Les opposants à la baisse du taux de conversion du deuxième pilier l'ont emporté le 7 mars. Pourtant, il est nécessaire, pour assurer le système des trois piliers suisse, que le taux de conversion minimum soit en rapport avec l'espérance de vie et le rendement réaliste attendu des capitaux. L'avenir nous dira qui des optimistes ou des pessimistes étaient les plus proches de la réalité. Il est probable que le sujet reviendra sur le tapis un jour ou l'autre et la question de savoir comment assurer des rentes décentes se posera à nouveau. On pourrait bien entendu augmenter les cotisations des employés et des employeurs afin d'accumuler un capital plus important. Mais cette solution serait une charge supplémentaire pour l'économie qui n'en a pas besoin. On pourrait faire appel à l'Etat providence, mais il n'en a pas les moyens.

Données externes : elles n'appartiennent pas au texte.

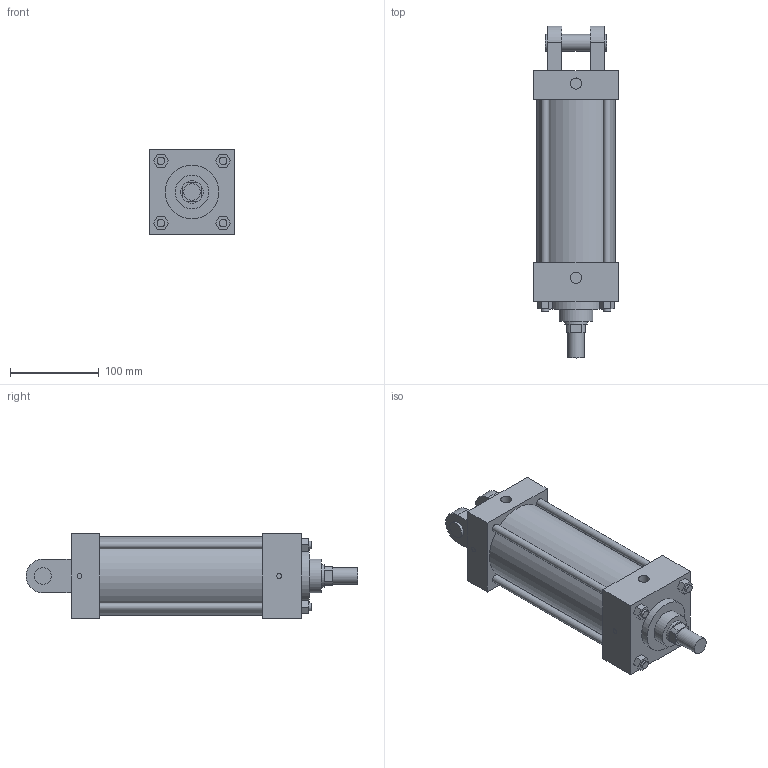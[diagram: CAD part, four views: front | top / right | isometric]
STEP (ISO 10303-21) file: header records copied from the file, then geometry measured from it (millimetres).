
FILE_DESCRIPTION((' Parasolid data model '),'2;1');
FILE_NAME('GSSL','1999-12-15T14:50:56+00:00',(' GSSL '),(' GSSL Pune '),'','GSSL Pune','Author');
FILE_SCHEMA(('CONFIG_CONTROL_DESIGN'));
Length unit declared in the file: millimetre
Bounding box: 95.25 x 374.65 x 95.25 mm (x, y, z)
Surface area: 145114.7 mm2 (no closed solid volume)
Topology: 0 solids, 6 shells, 101 faces, 246 edges, 174 vertices
Faces by surface type: plane 71, cylinder 30
Full cylindrical faces by diameter (mm): 5.556 x6, 8.763 x8, 12.7 x2, 19.05 x4, 25.4 x1, 38.1 x1, 60.325 x1, 88.9 x1
Entity records: 3431 total; most frequent: CARTESIAN_POINT 609, DIRECTION 534, ORIENTED_EDGE 461, EDGE_CURVE 284, VERTEX_POINT 232, LINE 220, VECTOR 220, EDGE_LOOP 178
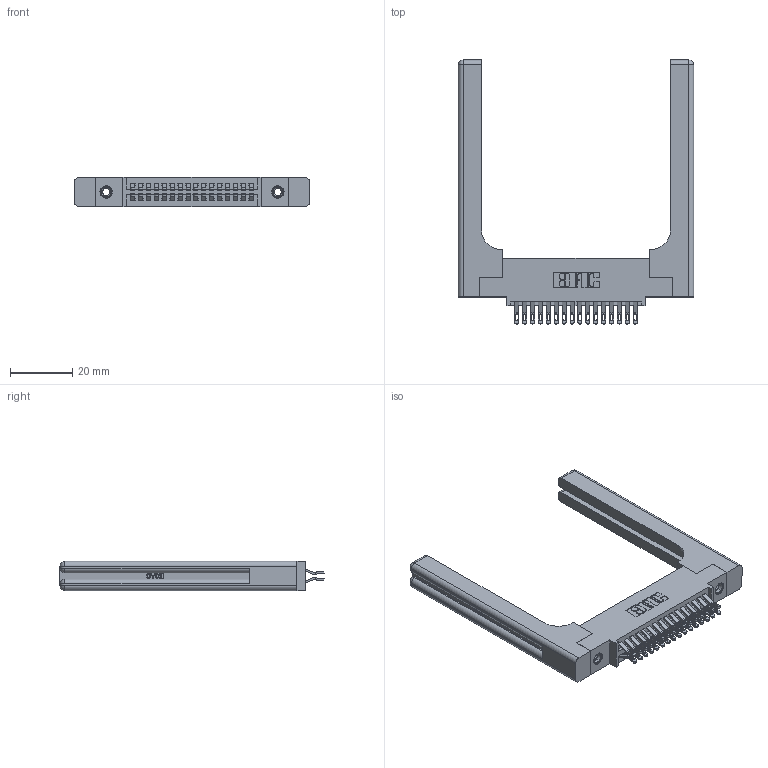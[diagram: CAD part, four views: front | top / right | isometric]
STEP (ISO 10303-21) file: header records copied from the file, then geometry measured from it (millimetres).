
FILE_DESCRIPTION (( 'STEP AP203' ), '1' );
FILE_NAME ('345-032-555-558.STEP', '2019-10-28T04:48:43', ( '' ), ( '' ), 'SwSTEP 2.0', 'SolidWorks 2016', '' );
FILE_SCHEMA (( 'CONFIG_CONTROL_DESIGN' ));
Length unit declared in the file: inch
Products named in the file (5): 345 Part_0.110 Offset - 0.156 Dia-TH; 345-220-058_345-220-058; 345-250-001_345-250-001-102; 345-032-555-558; 345-292-001_555 Tail
Assembly tree (37 placements, depth 2):
  345-032-555-558
    345 Part_0.110 Offset - 0.156 Dia-TH
    345-292-001_555 Tail  x32
    345-250-001_345-250-001-102  x2
    345-220-058_345-220-058  x2
Bounding box: 75.67 x 84.89 x 9.4 mm (x, y, z)
Volume: 15603.6 mm3; surface area: 15508 mm2
Topology: 37 solids, 37 shells, 2178 faces, 6683 edges, 4434 vertices
Faces by surface type: plane 1224, cylinder 894, bspline 36, cone 12, sphere 8, torus 4
Entity records: 21694 total; most frequent: CARTESIAN_POINT 4691, ORIENTED_EDGE 3392, DIRECTION 3068, EDGE_CURVE 1696, LINE 1388, VECTOR 1388, VERTEX_POINT 1122, AXIS2_PLACEMENT_3D 840
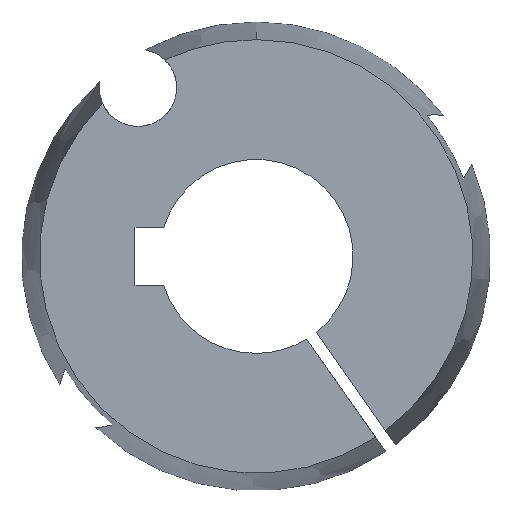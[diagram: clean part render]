
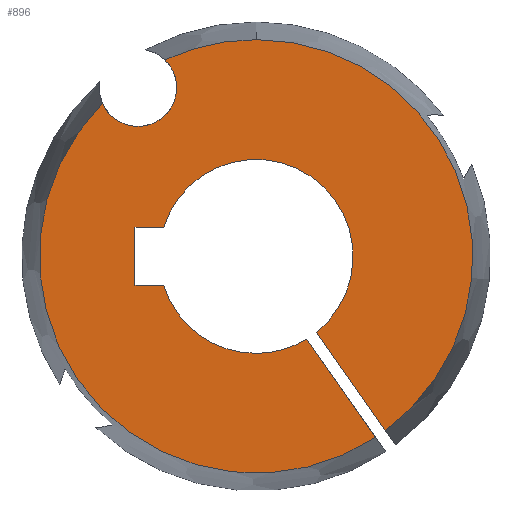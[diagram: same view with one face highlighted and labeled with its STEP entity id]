
A CAD part, left-side view. The second image highlights one B-rep face of the part: STEP entity #896.
In plain terms, the highlighted planar face has unit normal (-1, 0, 0).
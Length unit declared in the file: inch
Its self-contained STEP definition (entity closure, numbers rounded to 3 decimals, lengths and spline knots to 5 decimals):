
#7 = VERTEX_POINT ( 'NONE', #136 ) ;
#15 = CARTESIAN_POINT ( 'NONE',  ( -0.875, -0.38508, -0.58288 ) ) ;
#18 = EDGE_CURVE ( 'NONE', #390, #739, #782, .T. ) ;
#39 = EDGE_CURVE ( 'NONE', #198, #346, #761, .T. ) ;
#48 = CARTESIAN_POINT ( 'NONE',  ( -0.875, -0.41602, -0.56121 ) ) ;
#49 = CARTESIAN_POINT ( 'NONE',  ( -0.875, 0.24975, 0.09375 ) ) ;
#51 = AXIS2_PLACEMENT_3D ( 'NONE', #227, #740, #294 ) ;
#61 = ORIENTED_EDGE ( 'NONE', *, *, #442, .T. ) ;
#67 = CARTESIAN_POINT ( 'NONE',  ( -0.875, 0.38085, 0.54392 ) ) ;
#69 = VECTOR ( 'NONE', #174, 39.37008 ) ;
#76 = EDGE_CURVE ( 'NONE', #228, #284, #733, .T. ) ;
#80 = LINE ( 'NONE', #543, #425 ) ;
#84 = CARTESIAN_POINT ( 'NONE',  ( -0.875, 0., 0. ) ) ;
#91 = CARTESIAN_POINT ( 'NONE',  ( -0.875, 0.38085, 0.54392 ) ) ;
#108 = CARTESIAN_POINT ( 'NONE',  ( -0.875, 0., 0. ) ) ;
#123 = ORIENTED_EDGE ( 'NONE', *, *, #756, .T. ) ;
#129 = VERTEX_POINT ( 'NONE', #729 ) ;
#136 = CARTESIAN_POINT ( 'NONE',  ( -0.875, 0.38085, 0.41892 ) ) ;
#138 = CARTESIAN_POINT ( 'NONE',  ( -0.875, 0., 0.6986 ) ) ;
#142 = DIRECTION ( 'NONE',  ( 0., 0., -1. ) ) ;
#153 = FACE_OUTER_BOUND ( 'NONE', #879, .T. ) ;
#155 = DIRECTION ( 'NONE',  ( 0., -0.574, -0.819 ) ) ;
#157 = DIRECTION ( 'NONE',  ( 0., 0., -1. ) ) ;
#159 = AXIS2_PLACEMENT_3D ( 'NONE', #84, #585, #157 ) ;
#162 = CARTESIAN_POINT ( 'NONE',  ( -0.875, 0., 0. ) ) ;
#165 = DIRECTION ( 'NONE',  ( 0., 0., -1. ) ) ;
#174 = DIRECTION ( 'NONE',  ( 0., 0.574, 0.819 ) ) ;
#180 = DIRECTION ( 'NONE',  ( 0., -1., 0. ) ) ;
#184 = DIRECTION ( 'NONE',  ( 0., 0., 1. ) ) ;
#197 = ORIENTED_EDGE ( 'NONE', *, *, #818, .T. ) ;
#198 = VERTEX_POINT ( 'NONE', #620 ) ;
#199 = CARTESIAN_POINT ( 'NONE',  ( -0.875, 0., 0. ) ) ;
#227 = CARTESIAN_POINT ( 'NONE',  ( -0.875, 0., 0. ) ) ;
#228 = VERTEX_POINT ( 'NONE', #805 ) ;
#229 = DIRECTION ( 'NONE',  ( 0., 0., 1. ) ) ;
#241 = CARTESIAN_POINT ( 'NONE',  ( -0.875, -0.41773, -0.62951 ) ) ;
#243 = LINE ( 'NONE', #581, #495 ) ;
#265 = DIRECTION ( 'NONE',  ( 0., 0., 1. ) ) ;
#268 = AXIS2_PLACEMENT_3D ( 'NONE', #67, #568, #142 ) ;
#270 = ORIENTED_EDGE ( 'NONE', *, *, #850, .T. ) ;
#273 = ORIENTED_EDGE ( 'NONE', *, *, #18, .T. ) ;
#284 = VERTEX_POINT ( 'NONE', #897 ) ;
#294 = DIRECTION ( 'NONE',  ( 0., 0., -1. ) ) ;
#302 = CIRCLE ( 'NONE', #557, 0.3125 ) ;
#321 = CIRCLE ( 'NONE', #268, 0.125 ) ;
#324 = DIRECTION ( 'NONE',  ( 1., 0., 0. ) ) ;
#325 = EDGE_CURVE ( 'NONE', #544, #642, #883, .T. ) ;
#346 = VERTEX_POINT ( 'NONE', #528 ) ;
#355 = EDGE_CURVE ( 'NONE', #872, #198, #302, .T. ) ;
#357 = AXIS2_PLACEMENT_3D ( 'NONE', #91, #594, #165 ) ;
#388 = CARTESIAN_POINT ( 'NONE',  ( -0.875, 0., 0. ) ) ;
#390 = VERTEX_POINT ( 'NONE', #535 ) ;
#425 = VECTOR ( 'NONE', #862, 39.37008 ) ;
#428 = PLANE ( 'NONE',  #531 ) ;
#442 = EDGE_CURVE ( 'NONE', #228, #950, #610, .T. ) ;
#443 = ORIENTED_EDGE ( 'NONE', *, *, #655, .T. ) ;
#449 = CIRCLE ( 'NONE', #159, 0.3125 ) ;
#461 = DIRECTION ( 'NONE',  ( 0., 0., 1. ) ) ;
#467 = ORIENTED_EDGE ( 'NONE', *, *, #39, .T. ) ;
#495 = VECTOR ( 'NONE', #155, 39.37008 ) ;
#496 = LINE ( 'NONE', #241, #69 ) ;
#499 = CARTESIAN_POINT ( 'NONE',  ( -0.875, -0.16344, -0.26635 ) ) ;
#501 = AXIS2_PLACEMENT_3D ( 'NONE', #108, #613, #184 ) ;
#504 = VECTOR ( 'NONE', #180, 39.37008 ) ;
#510 = CARTESIAN_POINT ( 'NONE',  ( -0.875, 0.39037, 0.09375 ) ) ;
#528 = CARTESIAN_POINT ( 'NONE',  ( -0.875, 0.29811, -0.09375 ) ) ;
#531 = AXIS2_PLACEMENT_3D ( 'NONE', #162, #660, #229 ) ;
#532 = ORIENTED_EDGE ( 'NONE', *, *, #965, .T. ) ;
#535 = CARTESIAN_POINT ( 'NONE',  ( -0.875, 0.495, 0.49296 ) ) ;
#543 = CARTESIAN_POINT ( 'NONE',  ( -0.875, 0.24975, -0.09375 ) ) ;
#544 = VERTEX_POINT ( 'NONE', #138 ) ;
#551 = EDGE_CURVE ( 'NONE', #7, #390, #321, .T. ) ;
#557 = AXIS2_PLACEMENT_3D ( 'NONE', #773, #324, #855 ) ;
#568 = DIRECTION ( 'NONE',  ( 1., 0., 0. ) ) ;
#581 = CARTESIAN_POINT ( 'NONE',  ( -0.875, 0.04259, 0.09375 ) ) ;
#585 = DIRECTION ( 'NONE',  ( 1., 0., 0. ) ) ;
#594 = DIRECTION ( 'NONE',  ( 1., 0., 0. ) ) ;
#600 = CARTESIAN_POINT ( 'NONE',  ( -0.875, 0.29394, 0.63375 ) ) ;
#610 = LINE ( 'NONE', #49, #504 ) ;
#613 = DIRECTION ( 'NONE',  ( -1., 0., 0. ) ) ;
#620 = CARTESIAN_POINT ( 'NONE',  ( -0.875, 0., -0.3125 ) ) ;
#641 = ORIENTED_EDGE ( 'NONE', *, *, #325, .T. ) ;
#642 = VERTEX_POINT ( 'NONE', #600 ) ;
#655 = EDGE_CURVE ( 'NONE', #642, #7, #863, .T. ) ;
#660 = DIRECTION ( 'NONE',  ( -1., 0., 0. ) ) ;
#675 = CARTESIAN_POINT ( 'NONE',  ( -0.875, 0.29811, 0.09375 ) ) ;
#677 = ORIENTED_EDGE ( 'NONE', *, *, #76, .F. ) ;
#703 = DIRECTION ( 'NONE',  ( -1., 0., 0. ) ) ;
#729 = CARTESIAN_POINT ( 'NONE',  ( -0.875, -0.19439, -0.24468 ) ) ;
#733 = LINE ( 'NONE', #510, #760 ) ;
#739 = VERTEX_POINT ( 'NONE', #15 ) ;
#740 = DIRECTION ( 'NONE',  ( 1., 0., 0. ) ) ;
#756 = EDGE_CURVE ( 'NONE', #794, #544, #822, .T. ) ;
#760 = VECTOR ( 'NONE', #974, 39.37008 ) ;
#761 = CIRCLE ( 'NONE', #51, 0.3125 ) ;
#768 = ORIENTED_EDGE ( 'NONE', *, *, #551, .T. ) ;
#773 = CARTESIAN_POINT ( 'NONE',  ( -0.875, 0., 0. ) ) ;
#782 = CIRCLE ( 'NONE', #930, 0.6986 ) ;
#794 = VERTEX_POINT ( 'NONE', #48 ) ;
#805 = CARTESIAN_POINT ( 'NONE',  ( -0.875, 0.39037, 0.09375 ) ) ;
#812 = EDGE_CURVE ( 'NONE', #346, #284, #80, .T. ) ;
#818 = EDGE_CURVE ( 'NONE', #129, #794, #243, .T. ) ;
#822 = CIRCLE ( 'NONE', #937, 0.6986 ) ;
#840 = ORIENTED_EDGE ( 'NONE', *, *, #355, .T. ) ;
#850 = EDGE_CURVE ( 'NONE', #950, #129, #449, .T. ) ;
#855 = DIRECTION ( 'NONE',  ( 0., 0., -1. ) ) ;
#862 = DIRECTION ( 'NONE',  ( 0., 1., 0. ) ) ;
#863 = CIRCLE ( 'NONE', #357, 0.125 ) ;
#872 = VERTEX_POINT ( 'NONE', #499 ) ;
#879 = EDGE_LOOP ( 'NONE', ( #443, #768, #273, #532, #840, #467, #979, #677, #61, #270, #197, #123, #641 ) ) ;
#883 = CIRCLE ( 'NONE', #501, 0.6986 ) ;
#896 = ADVANCED_FACE ( 'NONE', ( #153 ), #428, .T. ) ;
#897 = CARTESIAN_POINT ( 'NONE',  ( -0.875, 0.39037, -0.09375 ) ) ;
#930 = AXIS2_PLACEMENT_3D ( 'NONE', #199, #703, #265 ) ;
#937 = AXIS2_PLACEMENT_3D ( 'NONE', #388, #945, #461 ) ;
#945 = DIRECTION ( 'NONE',  ( -1., 0., 0. ) ) ;
#950 = VERTEX_POINT ( 'NONE', #675 ) ;
#965 = EDGE_CURVE ( 'NONE', #739, #872, #496, .T. ) ;
#974 = DIRECTION ( 'NONE',  ( 0., 0., -1. ) ) ;
#979 = ORIENTED_EDGE ( 'NONE', *, *, #812, .T. ) ;
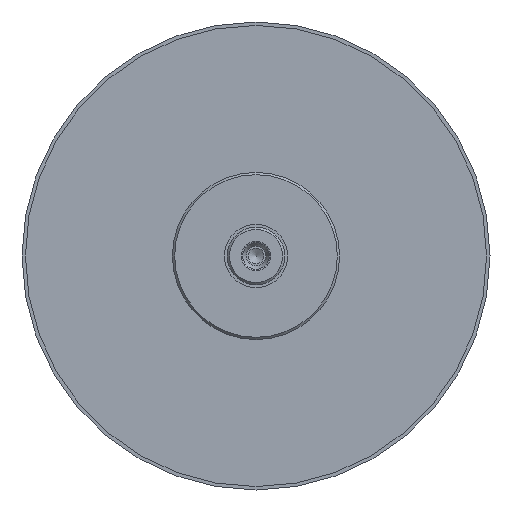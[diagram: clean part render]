
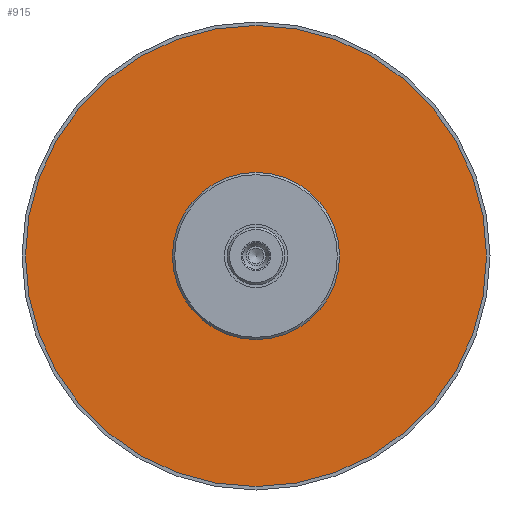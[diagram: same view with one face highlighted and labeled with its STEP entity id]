
A CAD part, front view. The second image highlights one B-rep face of the part: STEP entity #915.
In plain terms, the highlighted planar face has unit normal (0, -1, 0).
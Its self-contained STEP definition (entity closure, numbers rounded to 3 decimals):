
#671=CARTESIAN_POINT('',(0.0,-610.,72.5));
#672=VERTEX_POINT('',#671);
#673=CARTESIAN_POINT('',(0.0,-610.,0.));
#674=DIRECTION('',(0.0,1.0,0.0));
#675=DIRECTION('',(0.0,0.0,1.0));
#676=AXIS2_PLACEMENT_3D('',#673,#674,#675);
#677=CIRCLE('',#676,72.5);
#678=EDGE_CURVE('',#672,#672,#677,.T.);
#896=CARTESIAN_POINT('',(0.0,-610.0,136.25));
#897=DIRECTION('',(0.0,-1.0,0.0));
#898=DIRECTION('',(0.0,0.0,-1.0));
#899=AXIS2_PLACEMENT_3D('',#896,#897,#898);
#900=PLANE('',#899);
#901=CARTESIAN_POINT('',(0.0,-610.0,200.));
#902=VERTEX_POINT('',#901);
#903=CARTESIAN_POINT('',(0.0,-610.0,0.));
#904=DIRECTION('',(0.0,1.0,0.0));
#905=DIRECTION('',(0.0,0.0,1.0));
#906=AXIS2_PLACEMENT_3D('',#903,#904,#905);
#907=CIRCLE('',#906,200.);
#908=EDGE_CURVE('',#902,#902,#907,.T.);
#909=ORIENTED_EDGE('',*,*,#908,.F.);
#910=EDGE_LOOP('',(#909));
#911=FACE_OUTER_BOUND('',#910,.T.);
#912=ORIENTED_EDGE('',*,*,#678,.T.);
#913=EDGE_LOOP('',(#912));
#914=FACE_BOUND('',#913,.T.);
#915=ADVANCED_FACE('',(#911,#914),#900,.T.);

Actuellement, les taux des cotisations sur le salaire coordonné sont progressifs: 7% entre vingt-cinq et trente-quatre ans, 10% entre trente-cinq et quarante-quatre, 15% entre quarante-cinq et cinquante-quatre, et enfin 18% entre cinquante-cinq ans et l'âge de la retraite. Cela signifie que le capital retraite grossit surtout à la fin de la vie active et que, dans les premières années, l'épargne et les intérêts sont peu de chose. Une solution pourrait être d'inverser la progression des cotisations en les rendant dégressives. Cela signifierait certes un sacrifice pour les jeunes employés qui verraient leurs revenus amputés de 9% (+ 9% payés par l'employeur) entre vingt-cinq et trente-quatre ans1. Mais par contre, grâce à ce système, le capital épargné serait plus important dès le début et surtout les intérêts composés sur le long terme permettraient d'obtenir un capital final plus important sans que le coût global sur la durée des cotisations n'augmente pour les entreprises. Avantages collatéraux: les salariés plus âgés n'auraient peut-être plus autant de difficultés à retrouver du travail, les coûts pour l'employeur ayant tendance à se réduire avec le temps; le capital disponible pour l'accession à la propriété du logement principal serait plus important et permettrait à des familles de devenir propriétaires au moment où c'est le plus opportun, aux alentours de trente-cinq ans.

Michel Paschoud


1 Cf. http://opinionslibres.blogspot.com/ (tableau en annexe). Nous proposons un taux de cotisation de 18% entre vingt-cinq et trente-quatre ans, 15% entre trente-cinq et cinquante-quatre ans et 10% entre cinquante-cinq ans et la retraite. Nous avons supposé une progression des revenus plus importante en début de carrière (4% par an jusqu'à quarante ans ans, 2% jusqu'à cinquante ans et 1% jusqu'à la retraite). La déduction de coordination serait revalorisée de 2% tous les deux ans.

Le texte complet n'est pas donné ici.